- _AIM OF THE TASK_: Copy every line in the records below that contains the word "translate".

- _Records contained in a dataset_:
=== Section Start ===
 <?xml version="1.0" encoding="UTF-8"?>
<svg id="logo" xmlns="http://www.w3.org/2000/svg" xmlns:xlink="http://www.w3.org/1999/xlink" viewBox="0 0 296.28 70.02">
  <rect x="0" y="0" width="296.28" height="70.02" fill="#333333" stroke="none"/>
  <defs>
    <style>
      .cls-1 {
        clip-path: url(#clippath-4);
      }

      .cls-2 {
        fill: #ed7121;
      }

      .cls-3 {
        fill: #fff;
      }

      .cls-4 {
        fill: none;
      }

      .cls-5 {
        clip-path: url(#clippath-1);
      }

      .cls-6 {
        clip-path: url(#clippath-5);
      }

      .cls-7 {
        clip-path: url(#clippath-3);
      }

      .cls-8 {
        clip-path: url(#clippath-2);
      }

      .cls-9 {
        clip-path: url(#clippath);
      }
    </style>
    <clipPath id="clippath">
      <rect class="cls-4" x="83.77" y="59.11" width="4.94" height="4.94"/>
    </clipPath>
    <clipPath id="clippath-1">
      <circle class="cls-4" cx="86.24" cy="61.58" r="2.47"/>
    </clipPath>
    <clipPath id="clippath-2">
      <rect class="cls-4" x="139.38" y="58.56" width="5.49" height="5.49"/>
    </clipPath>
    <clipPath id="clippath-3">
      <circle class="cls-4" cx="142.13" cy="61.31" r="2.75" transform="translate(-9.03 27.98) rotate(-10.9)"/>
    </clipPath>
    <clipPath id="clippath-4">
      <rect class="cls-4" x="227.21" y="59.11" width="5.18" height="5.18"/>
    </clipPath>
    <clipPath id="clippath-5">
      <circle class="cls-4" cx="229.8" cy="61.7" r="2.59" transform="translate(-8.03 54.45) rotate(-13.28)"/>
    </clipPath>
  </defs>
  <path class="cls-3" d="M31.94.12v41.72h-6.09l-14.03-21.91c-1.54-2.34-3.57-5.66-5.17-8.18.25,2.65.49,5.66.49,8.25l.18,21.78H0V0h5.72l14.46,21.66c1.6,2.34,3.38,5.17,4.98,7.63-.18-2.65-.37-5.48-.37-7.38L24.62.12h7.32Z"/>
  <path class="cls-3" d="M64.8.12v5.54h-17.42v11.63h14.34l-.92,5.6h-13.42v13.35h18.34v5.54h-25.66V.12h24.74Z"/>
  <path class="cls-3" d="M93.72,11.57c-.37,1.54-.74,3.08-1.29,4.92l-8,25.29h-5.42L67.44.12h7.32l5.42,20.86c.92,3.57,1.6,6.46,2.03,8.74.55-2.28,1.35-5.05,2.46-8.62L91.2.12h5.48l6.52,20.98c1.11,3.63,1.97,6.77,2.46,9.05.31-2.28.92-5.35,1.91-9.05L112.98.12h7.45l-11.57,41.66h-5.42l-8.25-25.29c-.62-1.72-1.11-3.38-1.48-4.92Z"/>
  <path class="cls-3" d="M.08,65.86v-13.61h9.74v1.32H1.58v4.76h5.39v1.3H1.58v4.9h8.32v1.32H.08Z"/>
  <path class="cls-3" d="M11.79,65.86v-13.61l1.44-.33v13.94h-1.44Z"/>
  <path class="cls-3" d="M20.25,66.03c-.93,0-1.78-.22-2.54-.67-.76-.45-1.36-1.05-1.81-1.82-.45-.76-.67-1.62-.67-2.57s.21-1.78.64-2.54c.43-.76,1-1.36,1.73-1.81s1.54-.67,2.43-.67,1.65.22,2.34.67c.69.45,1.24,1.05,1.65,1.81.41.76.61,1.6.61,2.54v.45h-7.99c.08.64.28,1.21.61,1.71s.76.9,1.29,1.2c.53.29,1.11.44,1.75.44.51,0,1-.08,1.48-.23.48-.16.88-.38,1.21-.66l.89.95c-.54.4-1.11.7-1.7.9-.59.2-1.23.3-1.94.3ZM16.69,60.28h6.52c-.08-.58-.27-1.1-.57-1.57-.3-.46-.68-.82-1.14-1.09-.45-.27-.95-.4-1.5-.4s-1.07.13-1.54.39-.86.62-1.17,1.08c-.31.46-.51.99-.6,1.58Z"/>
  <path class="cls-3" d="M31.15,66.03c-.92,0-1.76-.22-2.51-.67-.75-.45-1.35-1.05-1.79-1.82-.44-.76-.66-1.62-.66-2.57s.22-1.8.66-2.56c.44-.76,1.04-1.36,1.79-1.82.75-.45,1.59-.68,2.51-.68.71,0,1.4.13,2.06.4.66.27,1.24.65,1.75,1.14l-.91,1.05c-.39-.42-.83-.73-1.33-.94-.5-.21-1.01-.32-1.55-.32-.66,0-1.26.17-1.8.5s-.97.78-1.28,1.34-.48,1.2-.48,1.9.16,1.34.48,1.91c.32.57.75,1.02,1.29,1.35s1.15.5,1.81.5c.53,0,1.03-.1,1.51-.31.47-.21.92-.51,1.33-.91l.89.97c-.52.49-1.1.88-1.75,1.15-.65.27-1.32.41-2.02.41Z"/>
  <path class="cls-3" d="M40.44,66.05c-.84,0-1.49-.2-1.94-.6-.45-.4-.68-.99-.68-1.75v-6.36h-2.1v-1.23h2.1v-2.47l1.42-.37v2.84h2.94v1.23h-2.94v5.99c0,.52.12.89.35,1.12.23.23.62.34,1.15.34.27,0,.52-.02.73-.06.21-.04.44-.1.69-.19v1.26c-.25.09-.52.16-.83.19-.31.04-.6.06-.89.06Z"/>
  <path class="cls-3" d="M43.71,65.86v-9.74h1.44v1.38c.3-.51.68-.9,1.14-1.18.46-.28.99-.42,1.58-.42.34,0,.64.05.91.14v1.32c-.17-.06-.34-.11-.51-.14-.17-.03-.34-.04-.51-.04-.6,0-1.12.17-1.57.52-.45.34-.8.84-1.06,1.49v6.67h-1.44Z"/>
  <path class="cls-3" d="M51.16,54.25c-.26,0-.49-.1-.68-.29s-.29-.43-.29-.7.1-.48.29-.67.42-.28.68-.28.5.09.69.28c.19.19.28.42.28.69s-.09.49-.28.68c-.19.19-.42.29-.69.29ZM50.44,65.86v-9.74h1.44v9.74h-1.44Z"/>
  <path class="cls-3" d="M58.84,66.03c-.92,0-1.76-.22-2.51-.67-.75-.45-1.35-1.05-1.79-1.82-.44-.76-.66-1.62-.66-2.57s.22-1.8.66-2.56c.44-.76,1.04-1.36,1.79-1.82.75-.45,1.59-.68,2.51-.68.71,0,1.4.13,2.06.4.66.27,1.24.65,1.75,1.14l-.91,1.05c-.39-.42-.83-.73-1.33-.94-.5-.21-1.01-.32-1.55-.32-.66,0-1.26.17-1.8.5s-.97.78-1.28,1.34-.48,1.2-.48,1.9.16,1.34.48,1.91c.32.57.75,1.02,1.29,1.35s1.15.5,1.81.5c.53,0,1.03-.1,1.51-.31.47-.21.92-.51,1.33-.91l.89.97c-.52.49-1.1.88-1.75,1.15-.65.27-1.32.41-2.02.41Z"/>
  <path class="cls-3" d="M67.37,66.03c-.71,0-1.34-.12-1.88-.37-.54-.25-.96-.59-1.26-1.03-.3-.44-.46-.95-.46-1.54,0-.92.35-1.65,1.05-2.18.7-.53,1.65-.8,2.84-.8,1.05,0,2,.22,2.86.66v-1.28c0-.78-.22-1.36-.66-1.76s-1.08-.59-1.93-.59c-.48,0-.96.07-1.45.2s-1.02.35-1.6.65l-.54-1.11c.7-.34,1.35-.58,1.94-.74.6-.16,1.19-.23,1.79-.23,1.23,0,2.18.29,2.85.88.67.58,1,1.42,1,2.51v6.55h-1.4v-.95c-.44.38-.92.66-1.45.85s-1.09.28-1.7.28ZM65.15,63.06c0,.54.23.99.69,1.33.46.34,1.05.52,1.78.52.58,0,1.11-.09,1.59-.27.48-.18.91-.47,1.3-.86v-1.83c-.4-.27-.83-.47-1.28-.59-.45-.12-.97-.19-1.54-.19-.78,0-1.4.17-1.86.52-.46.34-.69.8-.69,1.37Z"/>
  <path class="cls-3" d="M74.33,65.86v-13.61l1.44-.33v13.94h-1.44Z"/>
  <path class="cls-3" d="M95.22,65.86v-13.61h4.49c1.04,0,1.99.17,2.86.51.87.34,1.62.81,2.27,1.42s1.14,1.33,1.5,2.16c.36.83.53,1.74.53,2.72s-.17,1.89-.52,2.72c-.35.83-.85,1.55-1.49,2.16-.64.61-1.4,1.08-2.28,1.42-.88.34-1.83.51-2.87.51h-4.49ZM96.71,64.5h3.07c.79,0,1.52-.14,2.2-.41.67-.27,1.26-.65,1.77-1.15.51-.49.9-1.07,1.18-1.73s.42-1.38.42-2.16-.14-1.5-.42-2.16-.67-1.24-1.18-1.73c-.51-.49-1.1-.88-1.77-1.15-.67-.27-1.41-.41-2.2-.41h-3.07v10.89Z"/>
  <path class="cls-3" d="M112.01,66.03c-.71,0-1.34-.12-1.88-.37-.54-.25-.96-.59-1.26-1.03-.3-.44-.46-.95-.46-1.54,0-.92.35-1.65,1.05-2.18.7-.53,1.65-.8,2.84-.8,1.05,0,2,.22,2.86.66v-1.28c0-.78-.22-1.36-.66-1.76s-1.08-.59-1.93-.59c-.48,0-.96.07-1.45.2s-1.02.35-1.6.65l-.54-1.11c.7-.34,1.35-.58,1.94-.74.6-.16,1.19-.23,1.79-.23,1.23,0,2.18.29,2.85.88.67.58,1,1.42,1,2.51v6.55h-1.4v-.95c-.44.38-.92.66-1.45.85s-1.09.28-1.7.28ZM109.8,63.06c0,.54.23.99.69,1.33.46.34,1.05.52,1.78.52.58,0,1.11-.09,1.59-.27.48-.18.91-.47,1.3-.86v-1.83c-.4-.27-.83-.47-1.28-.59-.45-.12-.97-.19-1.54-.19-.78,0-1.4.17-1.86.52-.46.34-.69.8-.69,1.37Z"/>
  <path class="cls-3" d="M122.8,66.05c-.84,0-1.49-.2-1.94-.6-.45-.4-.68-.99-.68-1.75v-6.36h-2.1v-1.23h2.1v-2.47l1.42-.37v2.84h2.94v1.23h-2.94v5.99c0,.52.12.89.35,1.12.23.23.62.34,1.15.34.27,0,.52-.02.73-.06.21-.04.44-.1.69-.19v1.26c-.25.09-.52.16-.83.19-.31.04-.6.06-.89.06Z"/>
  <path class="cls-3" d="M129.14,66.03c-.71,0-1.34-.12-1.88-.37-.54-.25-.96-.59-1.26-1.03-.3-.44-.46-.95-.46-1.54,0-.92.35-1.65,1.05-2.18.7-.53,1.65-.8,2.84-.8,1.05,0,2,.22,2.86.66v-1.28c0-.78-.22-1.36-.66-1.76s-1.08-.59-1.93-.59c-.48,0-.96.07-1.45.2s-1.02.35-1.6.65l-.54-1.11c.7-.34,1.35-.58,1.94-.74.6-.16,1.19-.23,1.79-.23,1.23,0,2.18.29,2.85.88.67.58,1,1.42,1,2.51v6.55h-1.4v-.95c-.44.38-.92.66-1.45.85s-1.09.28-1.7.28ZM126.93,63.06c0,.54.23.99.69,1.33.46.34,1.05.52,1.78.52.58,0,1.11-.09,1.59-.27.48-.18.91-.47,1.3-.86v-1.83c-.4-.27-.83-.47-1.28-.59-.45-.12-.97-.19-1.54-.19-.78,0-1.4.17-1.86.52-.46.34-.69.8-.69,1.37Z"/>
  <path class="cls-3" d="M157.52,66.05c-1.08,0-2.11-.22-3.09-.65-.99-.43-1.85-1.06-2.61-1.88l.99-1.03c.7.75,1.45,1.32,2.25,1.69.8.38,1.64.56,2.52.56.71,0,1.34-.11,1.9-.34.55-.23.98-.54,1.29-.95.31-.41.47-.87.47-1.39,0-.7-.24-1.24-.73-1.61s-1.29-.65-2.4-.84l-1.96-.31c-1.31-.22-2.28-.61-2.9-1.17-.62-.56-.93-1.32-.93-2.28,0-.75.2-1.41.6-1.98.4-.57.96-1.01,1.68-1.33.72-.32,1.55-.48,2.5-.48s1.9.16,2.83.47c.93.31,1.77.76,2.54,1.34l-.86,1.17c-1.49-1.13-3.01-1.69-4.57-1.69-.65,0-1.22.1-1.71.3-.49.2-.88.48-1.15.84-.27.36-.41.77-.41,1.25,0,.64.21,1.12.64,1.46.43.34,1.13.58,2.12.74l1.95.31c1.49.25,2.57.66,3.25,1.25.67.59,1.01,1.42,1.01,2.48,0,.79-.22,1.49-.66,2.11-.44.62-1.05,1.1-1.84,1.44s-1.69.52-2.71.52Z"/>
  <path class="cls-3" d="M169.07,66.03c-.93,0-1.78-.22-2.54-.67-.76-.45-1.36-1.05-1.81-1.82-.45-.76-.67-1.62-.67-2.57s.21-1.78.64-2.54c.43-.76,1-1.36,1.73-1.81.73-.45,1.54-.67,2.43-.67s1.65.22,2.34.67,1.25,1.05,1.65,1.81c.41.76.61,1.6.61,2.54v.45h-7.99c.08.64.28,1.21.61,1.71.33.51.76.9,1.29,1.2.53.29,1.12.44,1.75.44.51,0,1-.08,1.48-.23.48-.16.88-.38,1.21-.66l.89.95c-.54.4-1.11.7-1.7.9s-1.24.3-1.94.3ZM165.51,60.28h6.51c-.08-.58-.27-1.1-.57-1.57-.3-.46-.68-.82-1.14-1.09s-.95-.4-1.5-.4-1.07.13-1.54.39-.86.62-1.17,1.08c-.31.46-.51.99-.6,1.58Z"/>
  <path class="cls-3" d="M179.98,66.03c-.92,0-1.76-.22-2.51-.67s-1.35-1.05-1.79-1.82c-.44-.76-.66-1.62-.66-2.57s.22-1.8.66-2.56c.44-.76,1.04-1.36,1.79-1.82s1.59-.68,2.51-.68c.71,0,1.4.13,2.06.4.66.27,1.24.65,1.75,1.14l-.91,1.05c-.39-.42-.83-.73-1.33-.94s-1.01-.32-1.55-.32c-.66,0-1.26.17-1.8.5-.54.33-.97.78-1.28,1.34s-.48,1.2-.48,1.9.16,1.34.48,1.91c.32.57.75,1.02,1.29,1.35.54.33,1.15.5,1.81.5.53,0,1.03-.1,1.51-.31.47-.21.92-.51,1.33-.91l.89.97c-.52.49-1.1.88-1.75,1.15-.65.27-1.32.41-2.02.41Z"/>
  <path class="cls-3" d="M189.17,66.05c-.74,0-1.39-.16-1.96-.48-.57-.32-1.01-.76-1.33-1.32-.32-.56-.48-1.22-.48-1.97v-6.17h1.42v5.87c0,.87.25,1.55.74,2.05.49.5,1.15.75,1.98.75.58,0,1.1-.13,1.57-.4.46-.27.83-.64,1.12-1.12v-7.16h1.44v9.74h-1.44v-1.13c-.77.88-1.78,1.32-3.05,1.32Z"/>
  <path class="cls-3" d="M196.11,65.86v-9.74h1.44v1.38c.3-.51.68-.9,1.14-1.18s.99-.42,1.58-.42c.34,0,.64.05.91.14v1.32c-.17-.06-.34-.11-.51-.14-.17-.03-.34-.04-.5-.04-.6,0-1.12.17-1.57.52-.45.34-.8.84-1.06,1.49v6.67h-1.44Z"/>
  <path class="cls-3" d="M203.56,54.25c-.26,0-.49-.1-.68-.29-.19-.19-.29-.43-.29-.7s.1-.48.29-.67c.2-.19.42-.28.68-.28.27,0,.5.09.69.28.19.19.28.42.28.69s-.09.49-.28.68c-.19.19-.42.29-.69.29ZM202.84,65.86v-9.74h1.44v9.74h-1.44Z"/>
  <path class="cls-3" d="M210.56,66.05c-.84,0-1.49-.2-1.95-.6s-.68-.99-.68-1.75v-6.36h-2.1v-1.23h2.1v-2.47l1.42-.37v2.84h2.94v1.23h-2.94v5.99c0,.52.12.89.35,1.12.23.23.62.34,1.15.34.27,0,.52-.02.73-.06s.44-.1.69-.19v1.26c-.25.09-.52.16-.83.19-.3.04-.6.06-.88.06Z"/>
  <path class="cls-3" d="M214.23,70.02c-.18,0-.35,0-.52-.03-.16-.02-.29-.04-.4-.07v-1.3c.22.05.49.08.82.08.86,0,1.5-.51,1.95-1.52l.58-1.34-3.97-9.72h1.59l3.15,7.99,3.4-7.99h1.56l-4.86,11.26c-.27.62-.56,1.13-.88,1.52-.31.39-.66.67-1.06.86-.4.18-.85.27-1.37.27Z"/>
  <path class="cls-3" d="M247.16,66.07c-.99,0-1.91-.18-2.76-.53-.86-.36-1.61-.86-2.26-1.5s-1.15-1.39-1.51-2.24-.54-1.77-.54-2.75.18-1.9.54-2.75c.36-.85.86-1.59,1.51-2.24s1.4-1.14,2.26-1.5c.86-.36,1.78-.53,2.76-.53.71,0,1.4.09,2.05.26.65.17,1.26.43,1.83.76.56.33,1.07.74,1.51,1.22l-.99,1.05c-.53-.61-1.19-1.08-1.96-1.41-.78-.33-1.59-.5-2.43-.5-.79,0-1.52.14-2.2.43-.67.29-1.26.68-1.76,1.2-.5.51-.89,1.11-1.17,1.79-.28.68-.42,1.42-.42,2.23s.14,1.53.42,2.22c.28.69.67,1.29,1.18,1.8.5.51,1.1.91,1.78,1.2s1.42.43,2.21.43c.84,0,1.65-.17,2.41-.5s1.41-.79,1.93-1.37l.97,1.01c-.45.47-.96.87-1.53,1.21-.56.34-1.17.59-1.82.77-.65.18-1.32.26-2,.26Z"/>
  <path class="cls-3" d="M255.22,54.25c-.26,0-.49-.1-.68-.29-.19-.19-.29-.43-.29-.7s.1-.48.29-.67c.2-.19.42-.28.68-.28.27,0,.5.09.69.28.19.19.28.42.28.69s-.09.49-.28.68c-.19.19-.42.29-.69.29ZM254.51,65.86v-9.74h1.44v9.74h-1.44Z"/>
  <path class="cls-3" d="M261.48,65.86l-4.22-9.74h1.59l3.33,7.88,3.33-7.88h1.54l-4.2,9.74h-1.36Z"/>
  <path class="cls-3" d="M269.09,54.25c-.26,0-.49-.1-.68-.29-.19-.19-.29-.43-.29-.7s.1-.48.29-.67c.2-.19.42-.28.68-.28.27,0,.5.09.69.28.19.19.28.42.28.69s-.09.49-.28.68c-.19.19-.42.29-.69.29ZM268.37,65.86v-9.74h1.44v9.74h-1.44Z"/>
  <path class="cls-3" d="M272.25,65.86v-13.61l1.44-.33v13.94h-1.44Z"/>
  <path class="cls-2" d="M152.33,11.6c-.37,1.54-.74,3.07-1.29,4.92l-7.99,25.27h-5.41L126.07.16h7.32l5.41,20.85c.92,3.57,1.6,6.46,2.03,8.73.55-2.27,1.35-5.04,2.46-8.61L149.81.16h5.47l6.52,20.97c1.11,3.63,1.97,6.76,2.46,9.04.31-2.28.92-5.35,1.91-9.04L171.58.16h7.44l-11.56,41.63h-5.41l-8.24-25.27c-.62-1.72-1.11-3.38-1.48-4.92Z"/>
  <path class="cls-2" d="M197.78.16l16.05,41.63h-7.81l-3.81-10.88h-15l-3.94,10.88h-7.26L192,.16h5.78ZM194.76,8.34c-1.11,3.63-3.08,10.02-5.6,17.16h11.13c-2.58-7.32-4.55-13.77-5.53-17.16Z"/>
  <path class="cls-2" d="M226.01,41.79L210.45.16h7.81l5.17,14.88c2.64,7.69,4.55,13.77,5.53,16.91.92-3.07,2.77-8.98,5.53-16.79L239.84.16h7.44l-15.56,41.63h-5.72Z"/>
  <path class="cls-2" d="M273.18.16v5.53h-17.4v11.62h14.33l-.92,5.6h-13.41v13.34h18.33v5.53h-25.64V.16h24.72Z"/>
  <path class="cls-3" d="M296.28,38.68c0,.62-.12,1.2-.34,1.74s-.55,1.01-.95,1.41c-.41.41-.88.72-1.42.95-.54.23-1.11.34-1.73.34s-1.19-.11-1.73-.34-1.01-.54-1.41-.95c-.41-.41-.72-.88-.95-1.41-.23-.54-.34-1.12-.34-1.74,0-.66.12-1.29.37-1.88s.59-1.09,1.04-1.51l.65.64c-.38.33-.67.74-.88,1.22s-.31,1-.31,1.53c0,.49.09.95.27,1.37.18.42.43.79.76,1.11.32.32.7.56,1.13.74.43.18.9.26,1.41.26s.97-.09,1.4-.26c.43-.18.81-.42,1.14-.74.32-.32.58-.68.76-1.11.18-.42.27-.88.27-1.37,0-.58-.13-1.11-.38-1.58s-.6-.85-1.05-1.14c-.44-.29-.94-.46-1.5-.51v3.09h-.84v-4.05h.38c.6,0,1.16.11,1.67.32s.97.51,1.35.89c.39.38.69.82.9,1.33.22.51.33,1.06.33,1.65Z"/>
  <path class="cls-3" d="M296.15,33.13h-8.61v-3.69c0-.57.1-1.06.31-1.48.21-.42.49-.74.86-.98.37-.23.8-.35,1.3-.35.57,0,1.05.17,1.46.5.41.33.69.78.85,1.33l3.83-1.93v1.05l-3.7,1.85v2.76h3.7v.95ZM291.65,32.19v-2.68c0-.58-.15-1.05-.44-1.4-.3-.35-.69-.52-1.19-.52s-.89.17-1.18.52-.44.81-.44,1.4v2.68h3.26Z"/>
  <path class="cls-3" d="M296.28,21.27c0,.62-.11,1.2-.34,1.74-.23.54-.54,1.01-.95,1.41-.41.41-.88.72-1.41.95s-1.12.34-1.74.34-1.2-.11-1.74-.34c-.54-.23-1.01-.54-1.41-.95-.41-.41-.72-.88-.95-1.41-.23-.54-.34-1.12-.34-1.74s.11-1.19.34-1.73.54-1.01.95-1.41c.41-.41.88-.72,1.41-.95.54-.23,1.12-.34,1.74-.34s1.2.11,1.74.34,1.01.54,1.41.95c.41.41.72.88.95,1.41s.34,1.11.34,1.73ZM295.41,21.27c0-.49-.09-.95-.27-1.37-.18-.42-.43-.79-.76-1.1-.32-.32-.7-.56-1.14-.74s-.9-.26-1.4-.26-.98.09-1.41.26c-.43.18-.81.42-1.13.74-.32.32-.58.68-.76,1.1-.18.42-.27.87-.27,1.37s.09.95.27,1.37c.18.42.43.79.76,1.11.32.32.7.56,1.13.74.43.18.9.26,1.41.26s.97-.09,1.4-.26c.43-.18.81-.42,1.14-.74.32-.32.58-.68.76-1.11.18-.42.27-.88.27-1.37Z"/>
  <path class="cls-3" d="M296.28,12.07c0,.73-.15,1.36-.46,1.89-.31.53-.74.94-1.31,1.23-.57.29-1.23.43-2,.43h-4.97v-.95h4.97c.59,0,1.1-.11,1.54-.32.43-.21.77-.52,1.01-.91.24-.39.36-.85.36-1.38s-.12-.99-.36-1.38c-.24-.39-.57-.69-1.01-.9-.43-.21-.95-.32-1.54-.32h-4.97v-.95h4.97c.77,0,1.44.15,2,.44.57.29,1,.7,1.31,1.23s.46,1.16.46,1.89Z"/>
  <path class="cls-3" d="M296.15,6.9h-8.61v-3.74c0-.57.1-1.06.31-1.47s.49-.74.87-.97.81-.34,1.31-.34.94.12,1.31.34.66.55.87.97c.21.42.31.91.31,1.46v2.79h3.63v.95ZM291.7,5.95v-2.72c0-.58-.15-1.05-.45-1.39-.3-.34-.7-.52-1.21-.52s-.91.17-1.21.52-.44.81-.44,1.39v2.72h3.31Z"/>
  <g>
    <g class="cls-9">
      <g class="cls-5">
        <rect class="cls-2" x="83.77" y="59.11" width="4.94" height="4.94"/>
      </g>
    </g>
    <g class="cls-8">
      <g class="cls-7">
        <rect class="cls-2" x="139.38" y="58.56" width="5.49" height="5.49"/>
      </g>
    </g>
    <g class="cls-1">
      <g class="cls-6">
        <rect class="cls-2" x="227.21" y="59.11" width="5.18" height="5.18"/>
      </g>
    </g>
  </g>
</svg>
=== Section End ===
- _RESPONSE_:
      <circle class="cls-4" cx="142.13" cy="61.31" r="2.75" transform="translate(-9.03 27.98) rotate(-10.9)"/>
      <circle class="cls-4" cx="229.8" cy="61.7" r="2.59" transform="translate(-8.03 54.45) rotate(-13.28)"/>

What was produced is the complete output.